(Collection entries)
- Opening Delimiter -
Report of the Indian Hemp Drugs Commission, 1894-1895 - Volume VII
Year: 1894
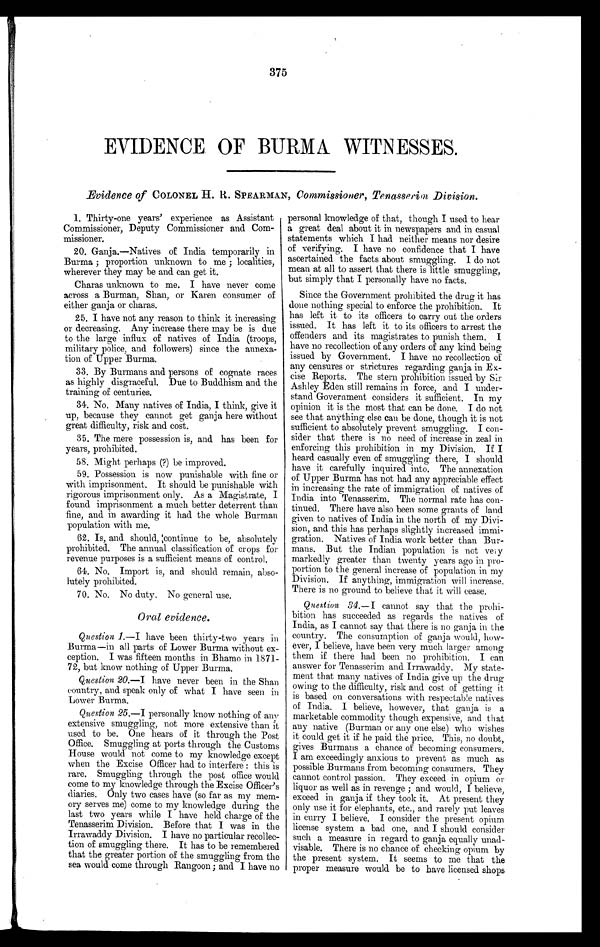
375
EVIDENCE OF BURMA WITNESSES.
Evidence of COLONEL H. R. SPEARMAN, Commissioner, Tenasserin Division.
1. Thirty-one years' experience as Assistant
Commissioner, Deputy Commissioner and Com-
missioner.
20. Ganja.—Natives of India temporarily in
Burma ; proportion unknown to me ; localities,
wherever they may be and can get it.
Charas unknown to me. I have never come
across a Burman, Shan, or Karen consumer of
either ganja or charas.
25. I have not any reason to think it increasing
or decreasing. Any increase there may be is due
to the large influx of natives of India (troops,
military police, and followers) since the annexa-
tion of Upper Burma.
33. By Burmans and persons of cognate races
as highly disgraceful. Due to Buddhism and the
training of centuries.
34. No. Many natives of India, I think, give it
up, because they cannot get ganja here without
great difficulty, risk and cost.
35. The mere possession is, and has been for
years, prohibited.
58. Might perhaps (?) be improved.
59. Possession is now punishable with fine or
with imprisonment. It should be punishable with
rigorous imprisonment only. As a Magistrate, I
found imprisonment a much better deterrent than
fine, and in awarding it had the whole Burman
population with me.
62. Is, and should, continue to be, absolutely
prohibited. The annual classification of crops for
revenue purposes is a sufficient means of control.
64. No. Import is, and should remain, abso-
lutely prohibited.
70. No. No duty. No general use.
Oral evidence.
Question 1.-I have been thirty-two years in
Burma—in all parts of Lower Burma without ex-
ception. I was fifteen months in Bhamo in 1871-
72, but know nothing of Upper Burma.
Question 20.—I have never been in the Shan
country, and speak only of what I have seen in
Lower Burma.
Question 25.—I personally know nothing of any
extensive smuggling, not more extensive than it
used. to be. One hears of it through the Post
Office. Smuggling at ports through the Customs
House would not come to my knowledge except
when the Excise Officer had to interfere : this is
rare. Smuggling through the post office would
come to my knowledge through the Excise Officer's
diaries. Only two cases have (so far as my mem-
ory serves me) come to my knowledge during the
last two years while I have held charge of the
Tenasserim Division. Before that I was in the
Irrawaddy Division. I have no particular recollec-
tion of smuggling there. It has to be remembered
that the greater portion of the smuggling from the
sea would come through Rangoon; and I have no
personal knowledge of that, though I used to hear
a great deal about it in newspapers and in casual
statements which I had neither means nor desire
of verifying. I have no confidence that I have
ascertained the facts about smuggling. I do not
mean at all to assert that there is little smuggling,
but simply that I personally have no facts.
Since the Government prohibited the drug it has
done nothing special to enforce the prohibition. It
has left it to its officers to carry out the orders
issued. It has left it to its officers to arrest the
offenders and its magistrates to punish them. I
have no recollection of any orders of any kind being
issued by Government. I have no recollection of
any censures or strictures regarding ganja in Ex-
cise Reports. The stern prohibition issued by Sir
Ashley Eden still remains in force, and I under-
stand Government considers it sufficient. In my
opinion it is the most that can be done. I do not
see that anything else can be done, though it is not
sufficient to absolutely prevent smuggling. I con-
sider that there is no need of increase in zeal in
enforcing this prohibition in my Division. If I
heard casually even of smuggling there, I should
have it carefully inquired into. The annexation
of Upper Burma has not had any appreciable effect
in increasing the rate of immigration of natives of
India into Tenasserim. The normal rate has con-
tinued. There have also been some grants of land
given to natives of India in the north of my Divi-
sion, and this has perhaps slightly increased immi-
graton. Natives of India work better than Bur-
mans. But the Indian population is not ver y
markedly greater than twenty years ago in pro-
portion to the general increase of population in my
Division. If anything, immigration will increase.
There is no ground to believe that it will cease.
Question 34.— I cannot say that the prohi-
bition has succeeded as regards the natives of
India, as I cannot say that there is no ganja in the
country. The consumption of ganja would, how-
ever, I believe, have been very much larger among
them if there had been no prohibition. I can
answer for Tenasserim and Irrawaddy. My state-
ment that many natives of India give up the drug
owing to the difficulty, risk and cost of getting it
is based on conversations with respectable natives
of India. I believe, however, that ganja is a
marketable commodity though expensive, and that
any native (Burman or any one else) who wishes
it could get it if he paid the price. This, no doubt,
gives Burmans a chance of becoming consumers.
I am exceedingly anxious to prevent as much as
possible Burmans from becoming consumers. They
cannot control passion. They exceed in opium or
liquor as well as in revenge ; and would, I believe,
exceed in ganja if they took it. At present they
only use it for elephants, etc., and rarely put leaves
in curry I believe. I consider the present opium
license system a bad one, and I should consider
such a measure in regard to ganja equally inad-
visable. There is no chance of checking opium by
the present system. It seems to me that the
proper measure would be to have licensed shops
- Closing Delimiter -
- _Directions for this task_
Across the entries above, how many lines include "perhaps"? State only that number.

- _Solution to the exercise_
2